While it is unlikely that fixed SMS will turn out to be a killer application and account for the bulk of the total SMS market, it does however mark a positive fight back by fixed line operators. Learning from past mistakes, operators have focused on building on the strengths of fixed line SMS service.
At present, fixed SMS has developed impressively into a niche service with optimistic growth indicators. Frost & Sullivan estimates the growth of fixed SMS traffic at between 15 and 20 per cent per month with subscriber numbers increasing on a similar scale. Western Europe is now thought to have almost three to five million active fixed SMS subscribers with many of these subscribers sending two to three messages a month.

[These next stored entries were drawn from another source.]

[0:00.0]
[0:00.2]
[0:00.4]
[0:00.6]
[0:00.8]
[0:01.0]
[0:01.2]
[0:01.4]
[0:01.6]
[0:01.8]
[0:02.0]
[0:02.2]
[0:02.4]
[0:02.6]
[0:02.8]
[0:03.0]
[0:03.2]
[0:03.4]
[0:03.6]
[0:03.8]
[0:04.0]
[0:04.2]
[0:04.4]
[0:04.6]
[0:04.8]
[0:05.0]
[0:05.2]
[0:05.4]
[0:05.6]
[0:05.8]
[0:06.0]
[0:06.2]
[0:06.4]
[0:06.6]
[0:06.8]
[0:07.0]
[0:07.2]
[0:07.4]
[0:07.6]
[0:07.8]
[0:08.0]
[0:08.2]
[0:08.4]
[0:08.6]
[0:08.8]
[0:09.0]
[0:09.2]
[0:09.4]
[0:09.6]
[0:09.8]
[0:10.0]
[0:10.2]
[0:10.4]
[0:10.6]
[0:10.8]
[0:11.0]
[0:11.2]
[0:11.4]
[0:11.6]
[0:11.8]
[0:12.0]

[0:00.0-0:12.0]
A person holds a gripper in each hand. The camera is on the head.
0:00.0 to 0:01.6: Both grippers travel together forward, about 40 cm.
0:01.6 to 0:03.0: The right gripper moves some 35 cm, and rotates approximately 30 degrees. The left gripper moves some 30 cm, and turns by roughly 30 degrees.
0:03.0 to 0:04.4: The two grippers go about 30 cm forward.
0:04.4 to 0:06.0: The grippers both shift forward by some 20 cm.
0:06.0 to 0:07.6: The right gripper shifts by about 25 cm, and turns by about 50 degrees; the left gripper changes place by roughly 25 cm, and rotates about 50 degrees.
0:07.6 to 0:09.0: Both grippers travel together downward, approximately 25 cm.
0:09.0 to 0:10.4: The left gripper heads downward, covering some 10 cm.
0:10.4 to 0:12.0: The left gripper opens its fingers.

Moreover, several operators have already defined a heavy user base segment that averages 8 to 10 messages a month.
"The market has experienced the successful deployment of premium rate voting and application-based fixed SMS services. This continues to show signs of growth and is forecast to represent a significant proportion (20 to 30 per cent) of the revenues for the fixed SMS service in the next three to four years," adds Mr Budd.
Other positive trends include the commercial availability of a range of SMS (soon to be followed by MMS) enabled devices and the establishment of interoperability between a number of fixed, mobile and international networks. Driven by these trends, revenues are forecast to soar from about EUR 14 million in 2003 to nearly EUR 470 million in 2008.

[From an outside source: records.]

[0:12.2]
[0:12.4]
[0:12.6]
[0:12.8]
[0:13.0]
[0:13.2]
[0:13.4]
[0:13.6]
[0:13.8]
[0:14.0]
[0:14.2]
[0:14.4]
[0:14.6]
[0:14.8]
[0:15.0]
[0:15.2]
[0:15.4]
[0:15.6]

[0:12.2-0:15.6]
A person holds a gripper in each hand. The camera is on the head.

As fixed operators begin to make gains in the fixed SMS market, the market for fixed MMS is expected to follow suit. Telecom Italia and Deutsche Telekom have already deployed fixed MMS services at the start of this year, with other European incumbent and alternative operators accelerating plans to utilise MMS technology in the fixed environment.
"Core issues that are expected to dictate success in the fixed MMS market include interoperability, pricing, quality, reliability, user groups, value proposition creation, application generation, handset adoption and marketing," observes Mr Budd. By resolving these issues, Frost & Sullivan estimates market revenues to be over EUR 600 million by 2009, with a real capacity to generate even more.
Ultimately, two areas are expected to be critical to the successful development of the fixed SMS market - the rollout of new handsets to maximise the number of users and the integration of the service within the mobile environment. Promoting interconnectivity with the mobile industry through a mutually beneficial framework for both fixed and mobile operators is likely to undeniably aid in market development.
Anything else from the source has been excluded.